Most lawyers have been there: you do not want to continue representing a client, but the rules of professional conduct do not require you to withdraw. You might regret taking on the matter for any number of reasons—you may realize that the matter will not be profitable, the client may be unpleasant and difficult to work with, the matter may end up involving work you are not interested in undertaking, or you may not have time available due to personal or other circumstances.
Under what circumstances can you—for lack of a better term—fire the client?
ABA Model Rule 1.16(b), released last week, addresses the issue, providing a list of several circumstances under subparagraphs (2)-(7) in which a lawyer may withdraw from representation—for example, using the lawyer’s services to perpetrate a crime or fraud—but also permitting withdrawal under subparagraph (1) where it can be accomplished “without material adverse effect on the interests of the client.” D.C. Rule 1.16(b) has the same “adverse effect” language.
ABA Form Opinion 516 addresses what “material adverse effect on the interests of the client” means in the Rule. And there is even a rare dissent! In sum, the Opinion clarifies that the phrase means three things:
- significant harm to the forward progress of the client’s matter;
- significant increase in the cost of the matter; or
- significant harm to the client’s ability to achieve the legal objectives that the lawyer previously agreed to pursue in the representation.

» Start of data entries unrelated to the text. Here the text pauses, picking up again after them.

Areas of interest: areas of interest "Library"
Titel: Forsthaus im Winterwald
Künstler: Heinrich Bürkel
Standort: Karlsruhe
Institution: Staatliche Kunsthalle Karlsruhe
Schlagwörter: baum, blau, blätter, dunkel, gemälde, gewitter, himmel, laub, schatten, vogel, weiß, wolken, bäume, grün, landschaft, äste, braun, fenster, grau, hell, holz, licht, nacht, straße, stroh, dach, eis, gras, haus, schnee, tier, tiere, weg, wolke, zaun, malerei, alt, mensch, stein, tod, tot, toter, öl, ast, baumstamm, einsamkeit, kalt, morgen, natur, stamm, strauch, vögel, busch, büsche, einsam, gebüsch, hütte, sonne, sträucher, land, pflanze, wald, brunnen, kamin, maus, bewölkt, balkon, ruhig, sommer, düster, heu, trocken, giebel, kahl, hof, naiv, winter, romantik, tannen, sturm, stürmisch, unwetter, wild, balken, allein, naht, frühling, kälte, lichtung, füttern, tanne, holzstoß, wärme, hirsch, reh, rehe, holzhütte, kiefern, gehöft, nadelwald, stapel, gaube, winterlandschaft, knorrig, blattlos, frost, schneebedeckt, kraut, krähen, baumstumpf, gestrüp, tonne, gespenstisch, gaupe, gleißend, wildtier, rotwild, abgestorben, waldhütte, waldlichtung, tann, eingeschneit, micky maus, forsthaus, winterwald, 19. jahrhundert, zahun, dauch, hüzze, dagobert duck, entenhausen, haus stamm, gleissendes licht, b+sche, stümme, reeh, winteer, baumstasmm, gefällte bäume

For example, delay caused by the search for new counsel may damage the client’s interests, such as a time-sensitive transactional representation that could risk the deal falling through. The original lawyer may have special skills that may be difficult or impossible to replace. Or, replacing counsel may result in additional expenses related to new counsel getting up to speed.
The Opinion allows for mediation of the adverse effects. The original lawyer can help find replacement counsel, help new counsel get up to speed, or reduce/refund fees for work that will need to be duplicated.

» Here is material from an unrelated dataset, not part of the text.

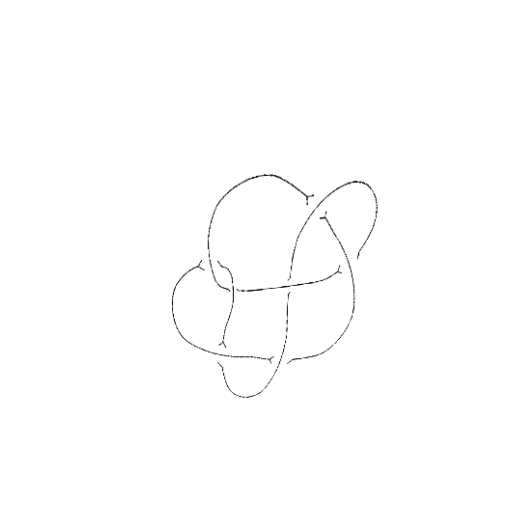
Crossing number: 7

There is also guidance on situations that will not have a material adverse effect, although each of these requires a fact-specific analysis. For example, the matter may have just started, co-counsel may be able to complete the remaining work, or there may be a lull in work that will not require significant duplication of effort for new counsel to take over.
Importantly, Rule 1.16(b)(1) does not protect the client’s feelings—a client may really want to keep the lawyer, may be disappointed if the lawyer discharges them, or the client may believe the lawyer is being disloyal (at least where there is no conflict created by the departure and any new matter taken on by the lawyer). If ending the representation does not materially harm the client, the client’s disappointment is irrelevant. The Opinion notes, however, that the lawyer owes the client a full explanation for the withdrawal. See Rule 1.4 regarding communications.

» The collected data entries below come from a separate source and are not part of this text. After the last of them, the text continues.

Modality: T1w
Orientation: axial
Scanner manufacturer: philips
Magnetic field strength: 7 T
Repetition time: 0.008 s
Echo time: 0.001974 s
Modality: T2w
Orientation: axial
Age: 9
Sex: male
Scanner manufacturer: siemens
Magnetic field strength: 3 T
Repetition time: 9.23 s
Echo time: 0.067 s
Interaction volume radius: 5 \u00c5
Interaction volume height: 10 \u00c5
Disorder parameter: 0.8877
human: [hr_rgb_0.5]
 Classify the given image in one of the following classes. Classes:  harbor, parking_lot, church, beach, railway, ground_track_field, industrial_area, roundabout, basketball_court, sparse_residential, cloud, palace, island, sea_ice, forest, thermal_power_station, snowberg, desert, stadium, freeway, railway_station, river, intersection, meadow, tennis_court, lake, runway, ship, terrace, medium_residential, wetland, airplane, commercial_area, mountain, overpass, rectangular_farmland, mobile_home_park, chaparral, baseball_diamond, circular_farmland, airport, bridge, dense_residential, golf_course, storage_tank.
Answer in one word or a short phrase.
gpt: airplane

There are special conflict considerations, of course, when the lawyer is severing the relationship to represent a party adverse to the client being let go. Under Rule 1.9(a), for instance, a lawyer may not represent a client materially adverse to a prior client in a substantially related matter without informed consent in writing. And many courts enforce the so-called “hot potato rule,” which may preclude a lawyer from dropping a client in order to represent another client adverse to the old client, even in an unrelated matter.
The Opinion comes out clearly that the hot potato rule, while judicially enforced for disqualification purposes, does not create an ethical violation under Rule 1.16(b)(1) (unless, of course, it causes a material adverse effect to the client).
As mentioned, there is also a dissent (in part). The main argument the dissent advances is that the Opinion does not go far enough in providing guidance about the hot potato rule, including that it does not address when dropping a client like a hot potato may inflict a material adverse effect on the client and when a situation may cause a mandatory withdrawal (e.g., when a conflict is “thrust upon” the lawyer). Such guidance will have to wait, however.
In sum, a material adverse effect under Model Rule 1.16(b)(1) may result if withdrawal harms the matter’s forward progress, if it creates a significant increase in cost, or if it harms the ability of the client to achieve the matter’s objectives. A lawyer’s motivation is irrelevant. And a lawyer may remediate the adverse effects to avoid a rule violation.